When the airflow temperature decreases, the resistance value of the heat-sensitive resistor 1 increases, and accordingly, the flowing current decreases, making it impossible for the resistor 1 to generate sufficient heat, and the accuracy of wind speed measurement decreases significantly.

Conversely, when the airflow temperature increases, the resistance value of resistor 1 decreases rapidly, resulting in damage or deterioration of characteristics.
There was a problem that temperature measurement was not possible.

An object of the present invention is to provide a wind speed measuring device for a vehicle air conditioner that can measure airflow temperature over a wide range.
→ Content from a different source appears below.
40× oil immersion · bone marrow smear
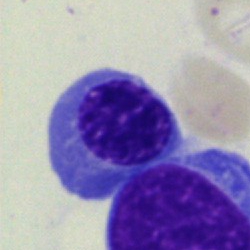
Morphology consistent with a nucleated red blood cell.

[Means for solving problems]

In order to achieve the above object, the present invention provides a heat-sensitive element that is sensitive to the temperature of airflow in an air conditioning air passage and outputs a signal according to the temperature, a drive means that drives the heat-sensitive element with a constant current, and a heat-sensitive element that This is a wind speed measuring device for a vehicle air conditioner, which has a measuring means for measuring wind speed from the output of the air conditioner.

[Effect]

When the heat-sensitive element is driven with a constant current, sufficient heat generation can be ensured even when the airflow temperature is low, and even when the airflow temperature is high, it is possible to suppress the supply of excessive power due to a decrease in the resistance of the heat-sensitive element. This makes it possible to measure wind speed over a wide range of airflow temperatures.

〔Example〕

Hereinafter, one embodiment of the present invention will be described based on the drawings.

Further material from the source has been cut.